==== DATA SUPPLIED

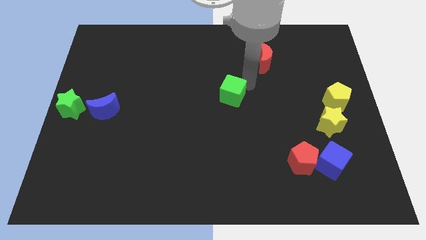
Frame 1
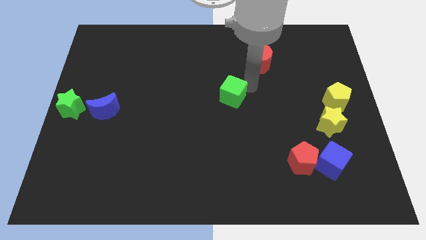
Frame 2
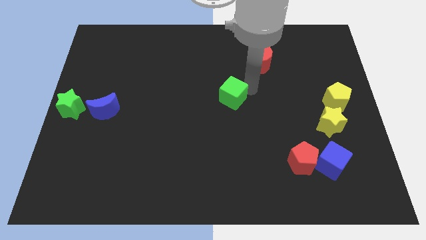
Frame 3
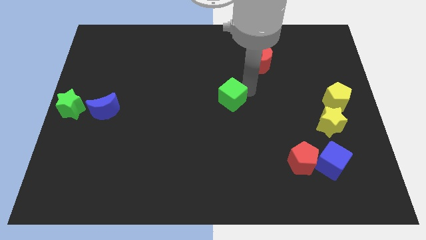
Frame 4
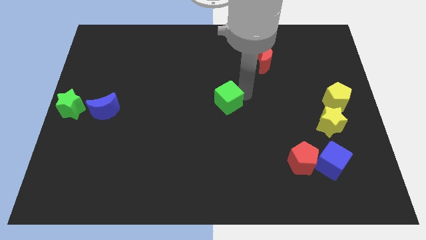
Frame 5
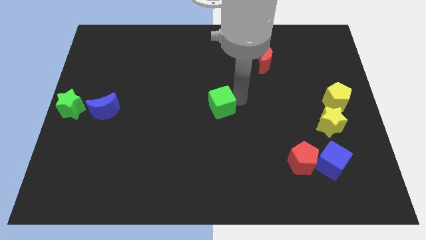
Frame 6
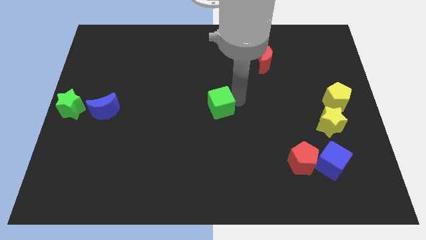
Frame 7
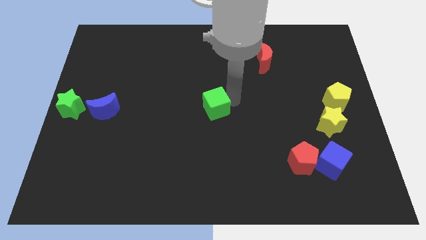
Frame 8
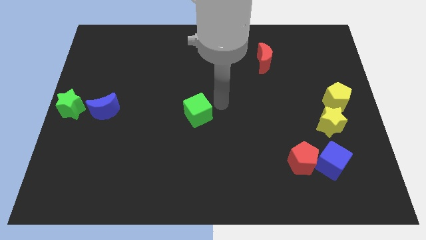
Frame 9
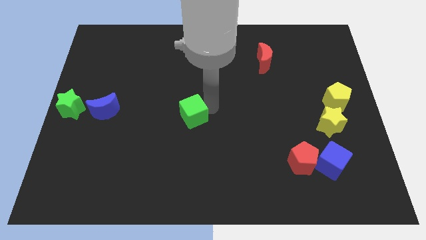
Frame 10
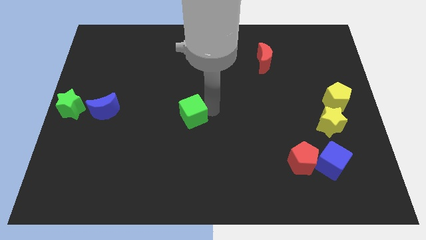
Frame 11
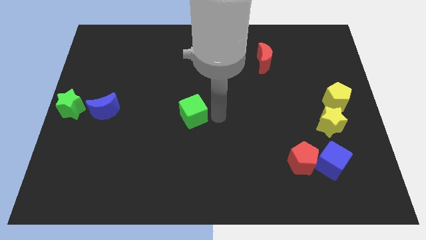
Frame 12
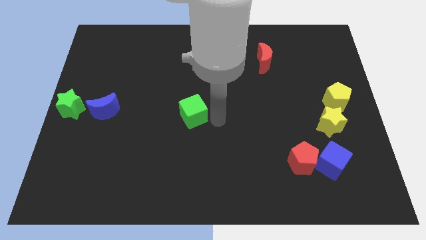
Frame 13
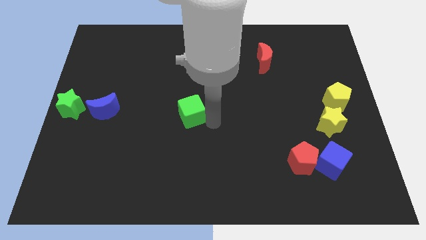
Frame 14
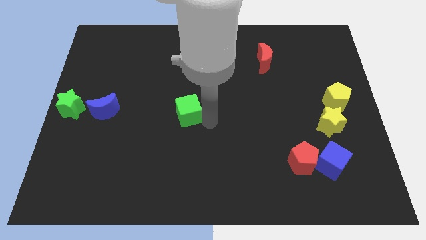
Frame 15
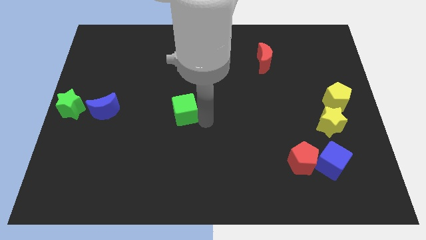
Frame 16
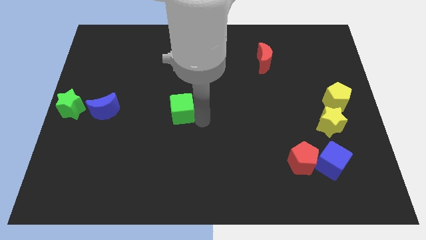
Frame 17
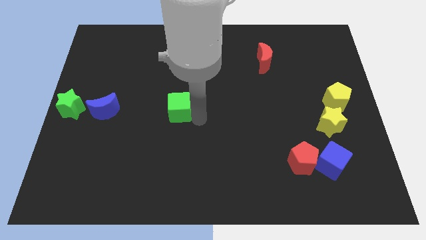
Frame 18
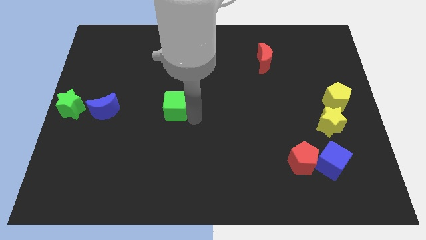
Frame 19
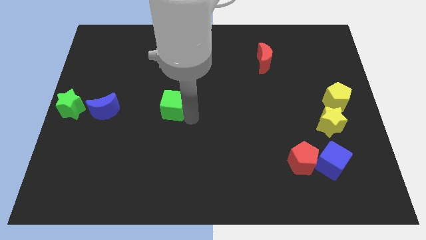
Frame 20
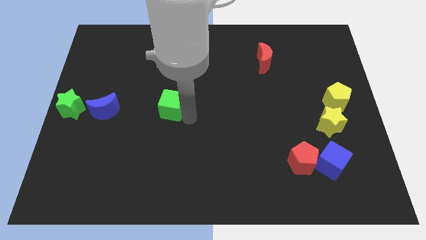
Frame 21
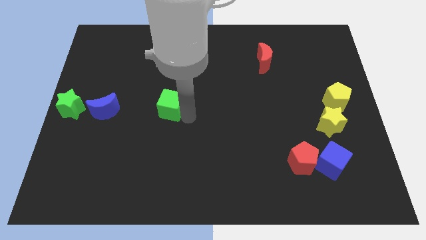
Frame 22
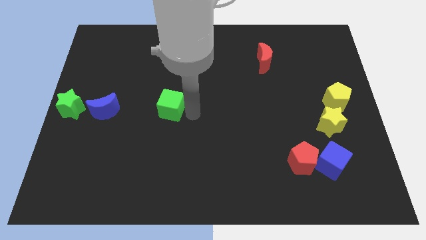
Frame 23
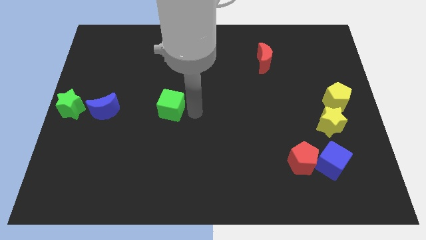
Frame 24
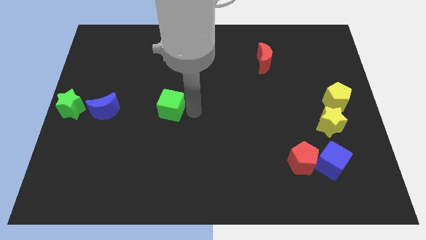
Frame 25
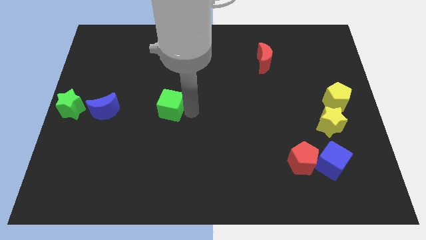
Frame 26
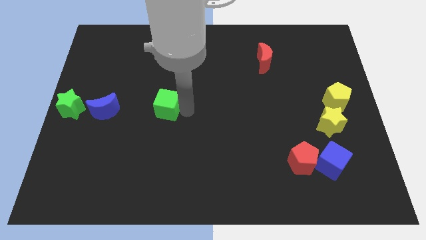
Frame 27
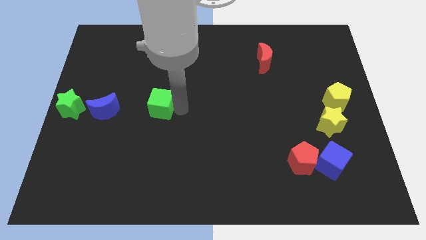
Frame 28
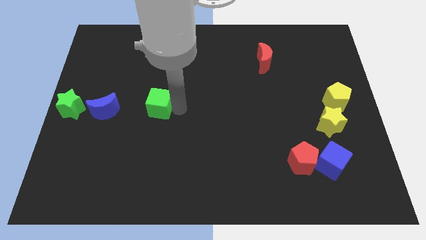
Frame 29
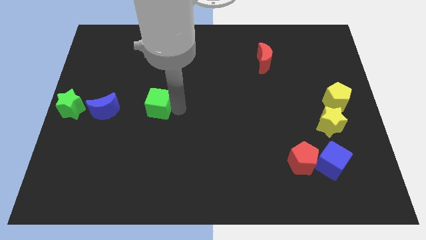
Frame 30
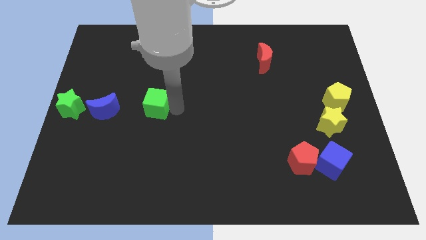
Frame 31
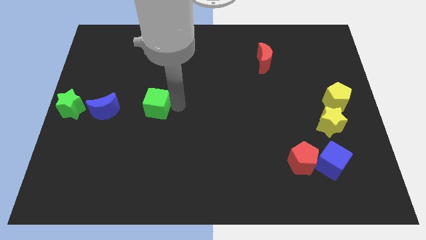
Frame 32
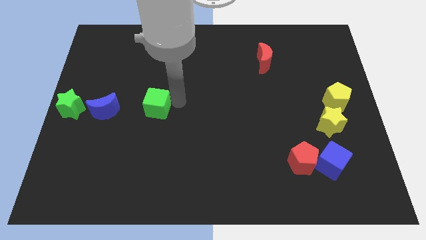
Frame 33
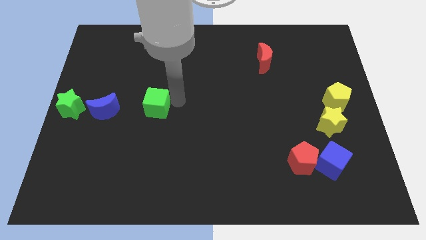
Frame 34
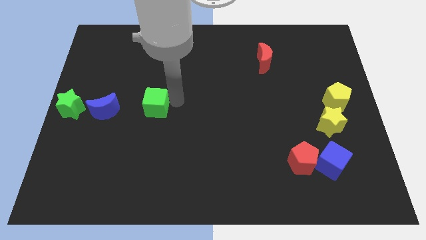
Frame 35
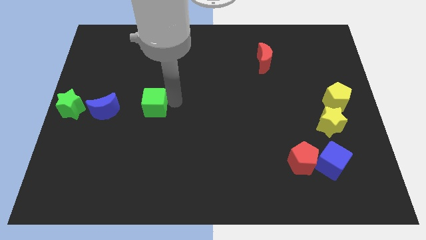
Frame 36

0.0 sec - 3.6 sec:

========

**TASK DESCRIPTION:**
Write every entry again exactly as given, skipping the pictures.

**RESPONSE TO THIS EXERCISE:**
Frame 1
Frame 2
Frame 3
Frame 4
Frame 5
Frame 6
Frame 7
Frame 8
Frame 9
Frame 10
Frame 11
Frame 12
Frame 13
Frame 14
Frame 15
Frame 16
Frame 17
Frame 18
Frame 19
Frame 20
Frame 21
Frame 22
Frame 23
Frame 24
Frame 25
Frame 26
Frame 27
Frame 28
Frame 29
Frame 30
Frame 31
Frame 32
Frame 33
Frame 34
Frame 35
Frame 36

0.0 sec - 3.6 sec:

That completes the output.